> **TASK ITEM**
No pictures in the copy, please: retype all the records exactly.

#####

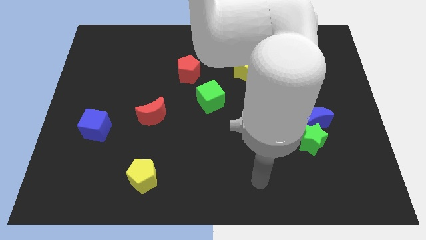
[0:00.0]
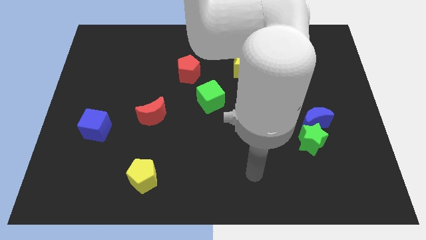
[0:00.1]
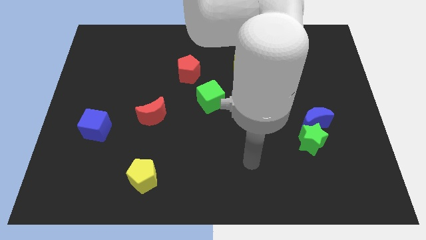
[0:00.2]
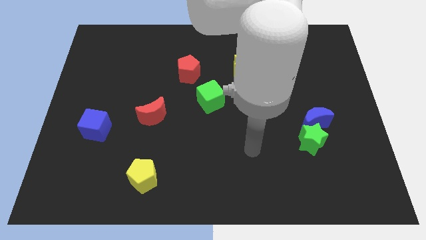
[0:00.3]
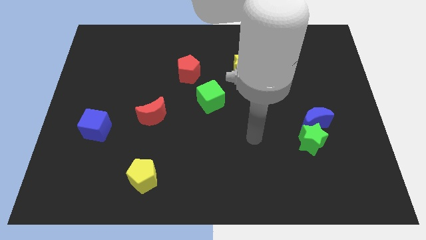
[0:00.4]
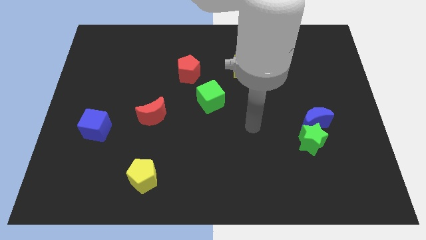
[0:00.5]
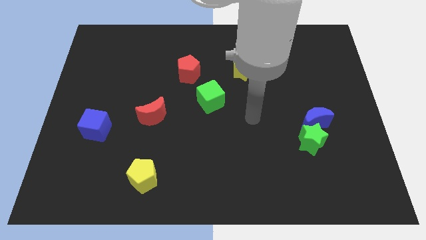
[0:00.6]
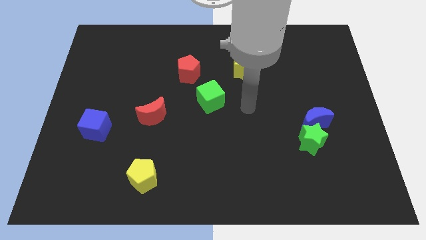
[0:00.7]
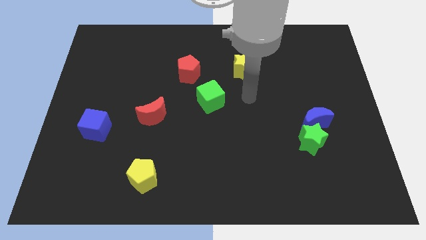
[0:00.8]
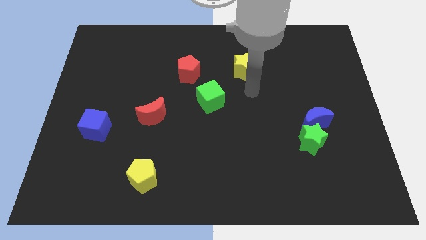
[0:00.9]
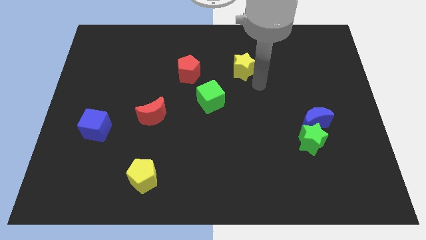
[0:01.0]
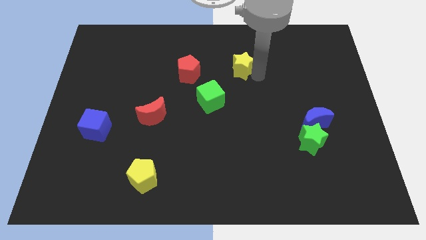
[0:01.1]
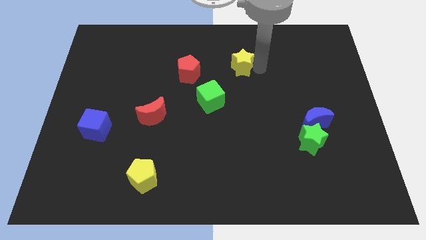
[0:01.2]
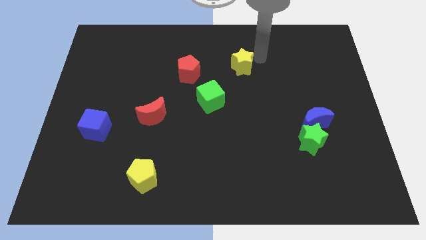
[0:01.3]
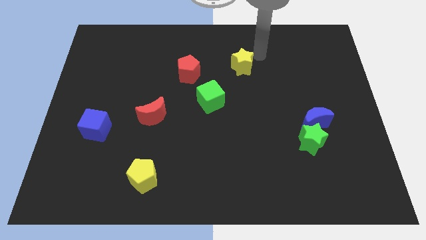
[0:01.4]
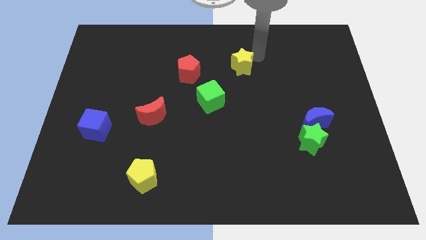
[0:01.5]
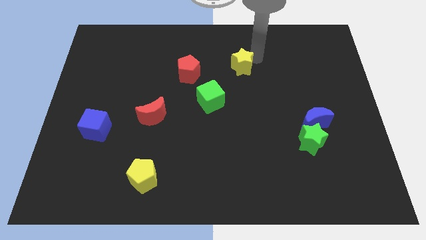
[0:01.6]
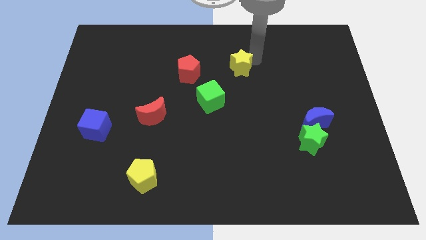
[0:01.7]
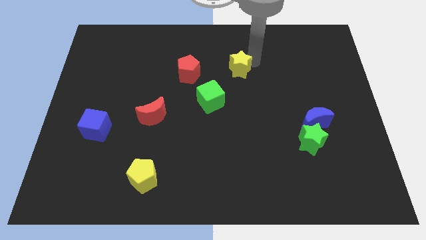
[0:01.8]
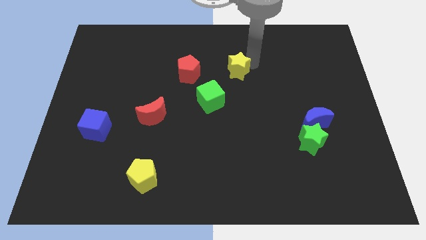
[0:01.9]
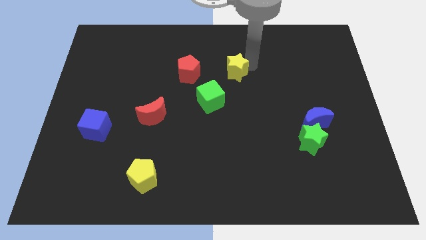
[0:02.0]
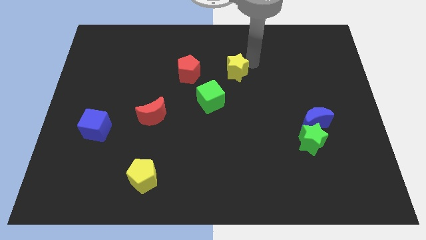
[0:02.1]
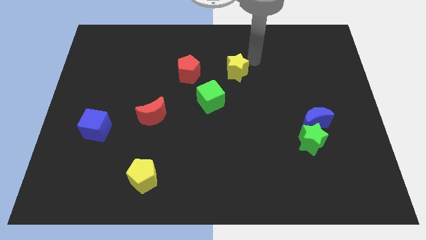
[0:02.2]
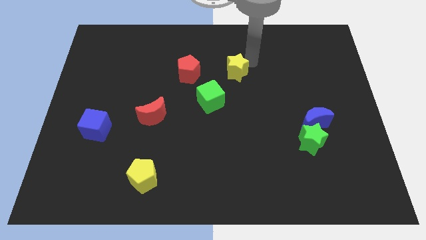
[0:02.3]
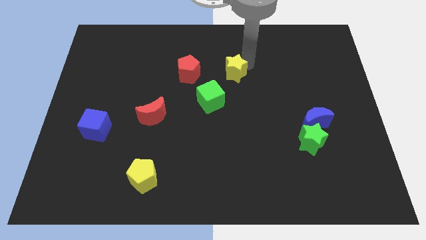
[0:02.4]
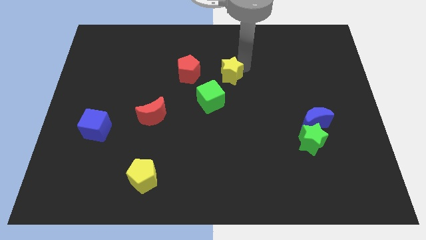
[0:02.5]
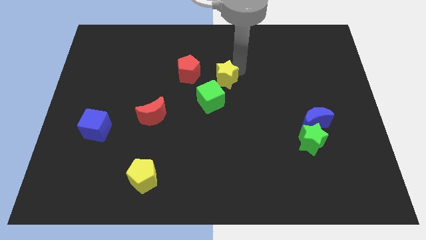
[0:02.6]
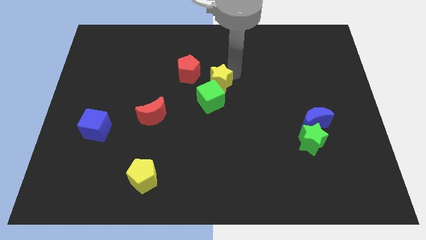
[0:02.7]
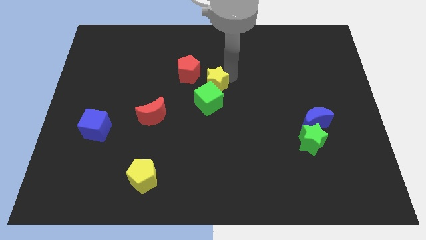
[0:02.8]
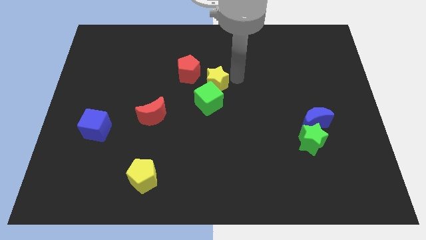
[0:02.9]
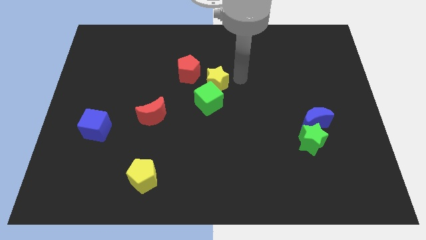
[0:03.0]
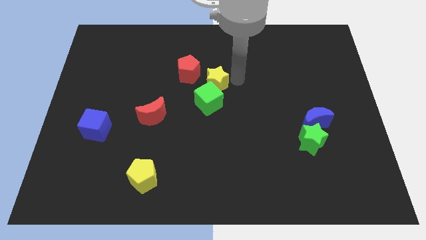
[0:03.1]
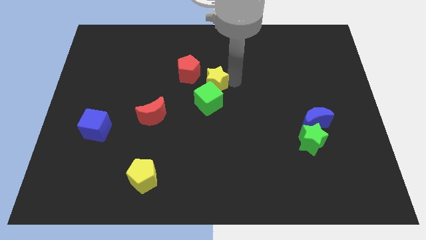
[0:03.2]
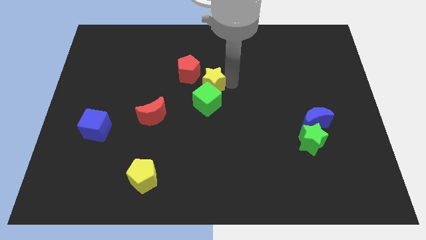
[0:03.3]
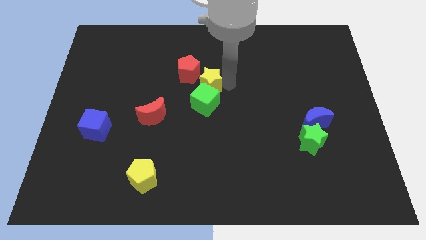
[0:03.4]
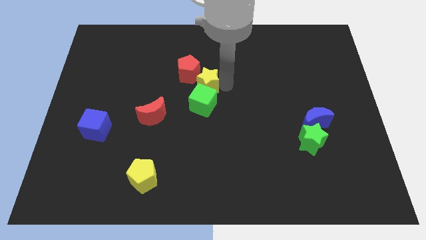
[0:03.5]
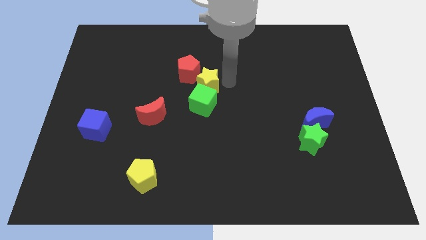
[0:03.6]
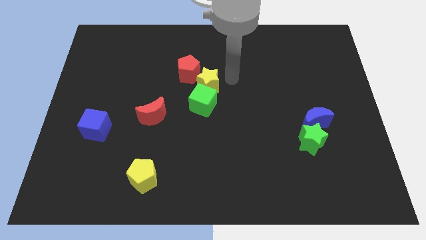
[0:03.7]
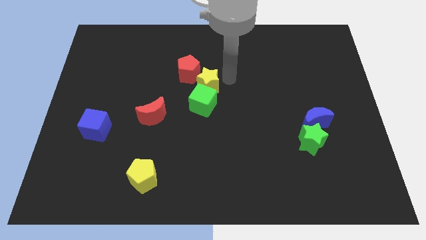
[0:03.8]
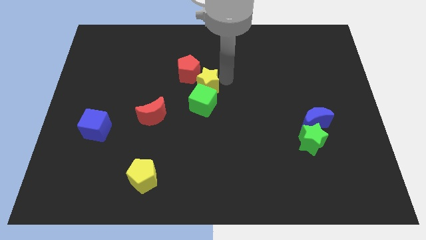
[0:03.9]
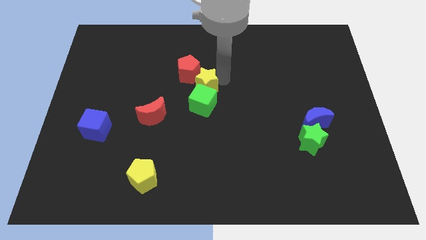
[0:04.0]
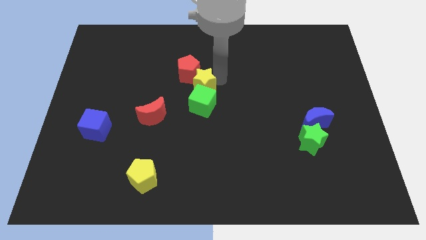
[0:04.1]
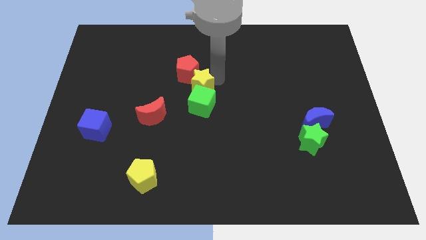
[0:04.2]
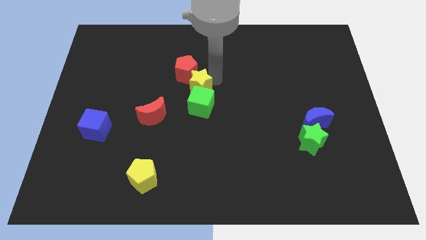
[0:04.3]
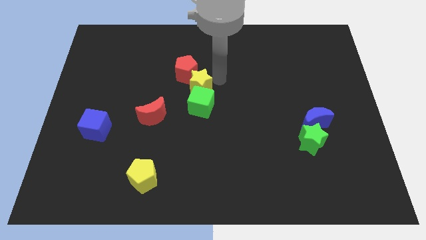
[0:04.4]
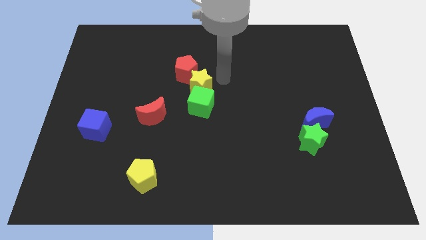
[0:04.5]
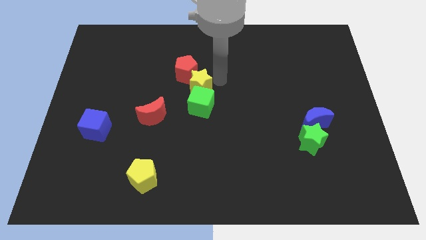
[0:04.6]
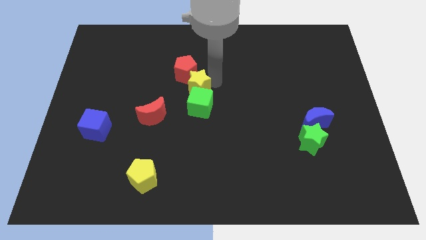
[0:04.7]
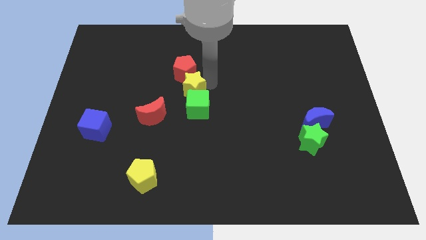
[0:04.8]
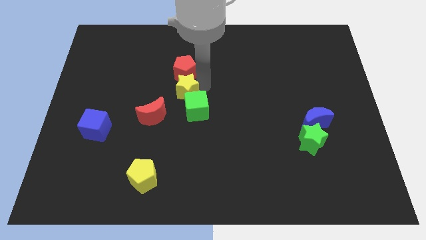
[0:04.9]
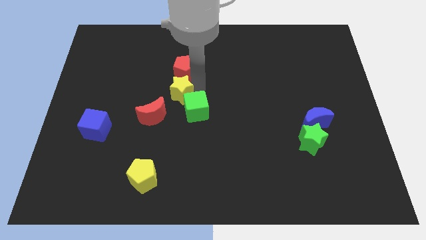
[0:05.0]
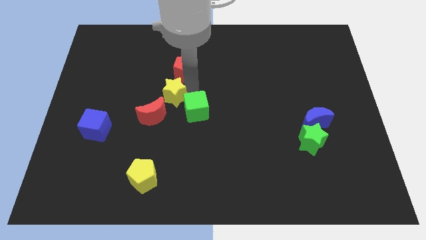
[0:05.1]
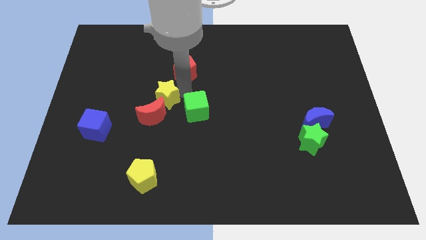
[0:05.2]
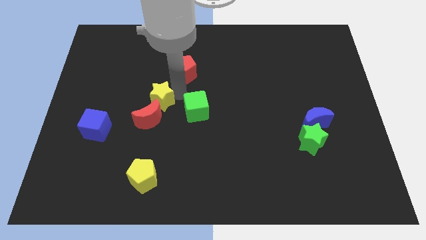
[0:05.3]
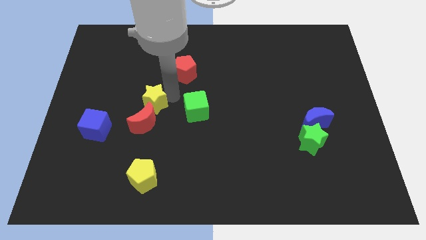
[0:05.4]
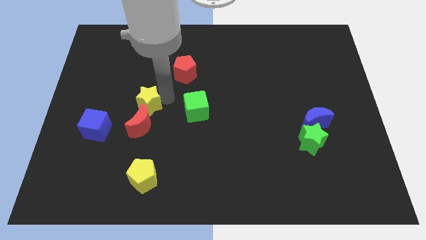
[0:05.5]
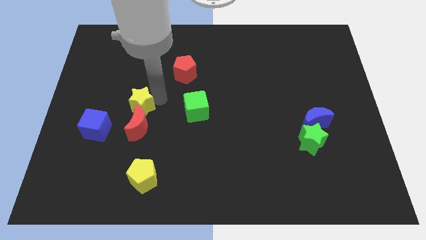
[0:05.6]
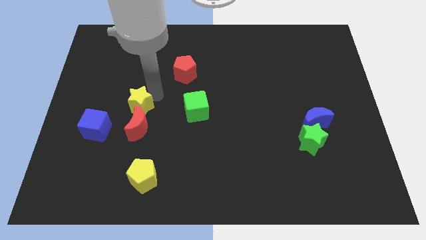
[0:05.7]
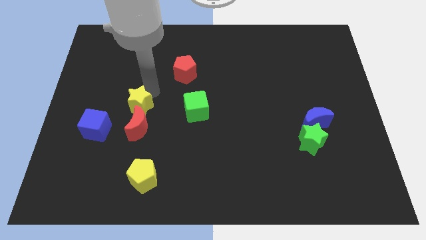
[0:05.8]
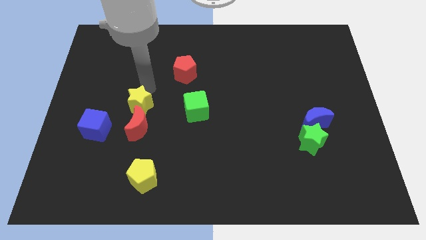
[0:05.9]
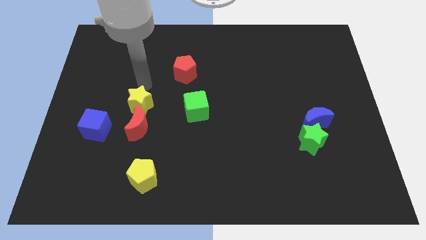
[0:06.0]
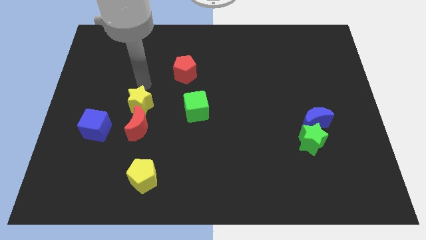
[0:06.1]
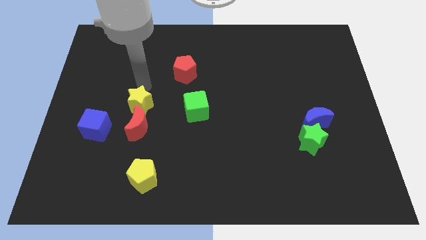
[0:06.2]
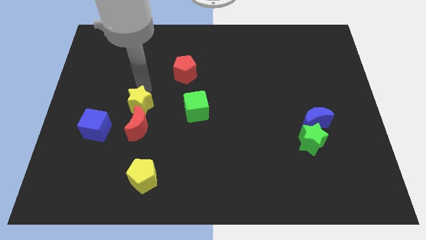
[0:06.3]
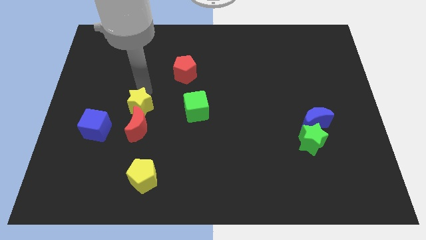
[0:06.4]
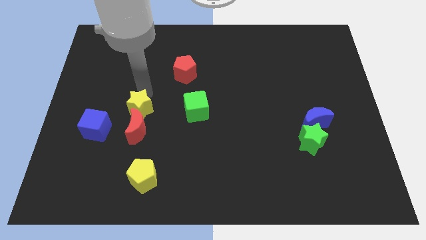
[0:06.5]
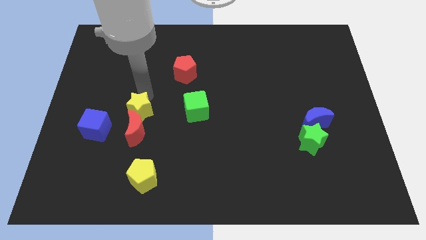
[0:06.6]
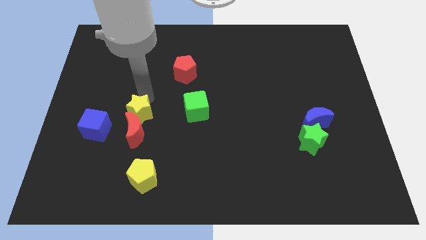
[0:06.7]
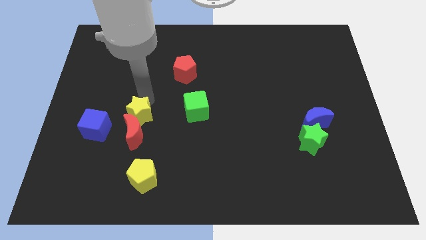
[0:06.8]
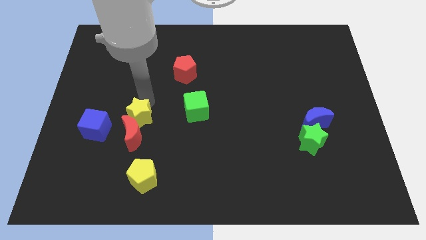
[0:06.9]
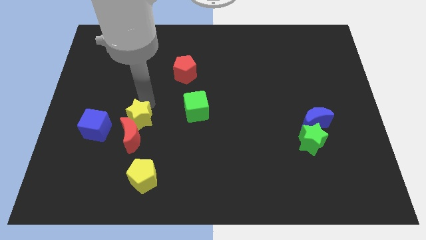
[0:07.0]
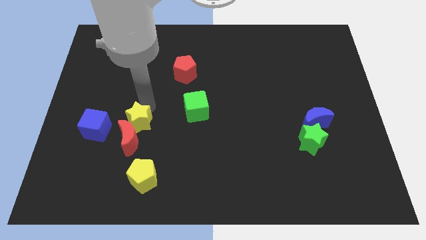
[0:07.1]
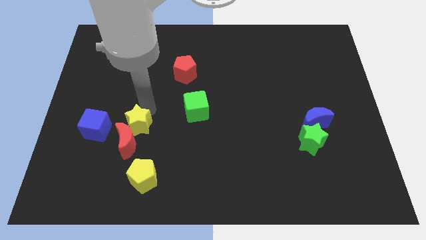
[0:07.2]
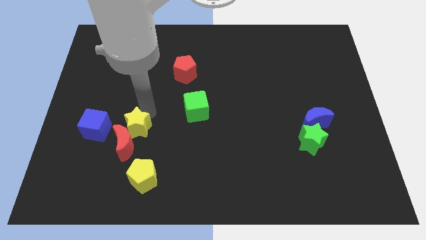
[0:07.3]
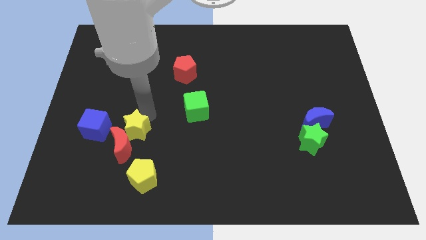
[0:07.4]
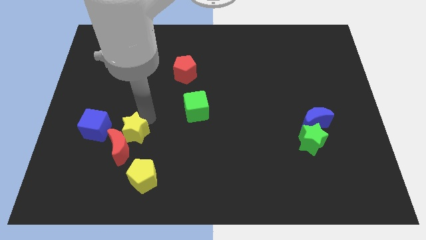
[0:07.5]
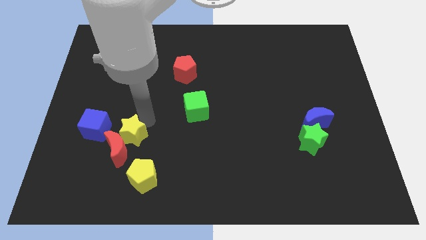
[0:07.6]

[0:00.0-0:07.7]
slide the yellow star to the bottom right side of the blue cube

#####

> **RESPONSE**
[0:00.0]
[0:00.1]
[0:00.2]
[0:00.3]
[0:00.4]
[0:00.5]
[0:00.6]
[0:00.7]
[0:00.8]
[0:00.9]
[0:01.0]
[0:01.1]
[0:01.2]
[0:01.3]
[0:01.4]
[0:01.5]
[0:01.6]
[0:01.7]
[0:01.8]
[0:01.9]
[0:02.0]
[0:02.1]
[0:02.2]
[0:02.3]
[0:02.4]
[0:02.5]
[0:02.6]
[0:02.7]
[0:02.8]
[0:02.9]
[0:03.0]
[0:03.1]
[0:03.2]
[0:03.3]
[0:03.4]
[0:03.5]
[0:03.6]
[0:03.7]
[0:03.8]
[0:03.9]
[0:04.0]
[0:04.1]
[0:04.2]
[0:04.3]
[0:04.4]
[0:04.5]
[0:04.6]
[0:04.7]
[0:04.8]
[0:04.9]
[0:05.0]
[0:05.1]
[0:05.2]
[0:05.3]
[0:05.4]
[0:05.5]
[0:05.6]
[0:05.7]
[0:05.8]
[0:05.9]
[0:06.0]
[0:06.1]
[0:06.2]
[0:06.3]
[0:06.4]
[0:06.5]
[0:06.6]
[0:06.7]
[0:06.8]
[0:06.9]
[0:07.0]
[0:07.1]
[0:07.2]
[0:07.3]
[0:07.4]
[0:07.5]
[0:07.6]

[0:00.0-0:07.7]
slide the yellow star to the bottom right side of the blue cube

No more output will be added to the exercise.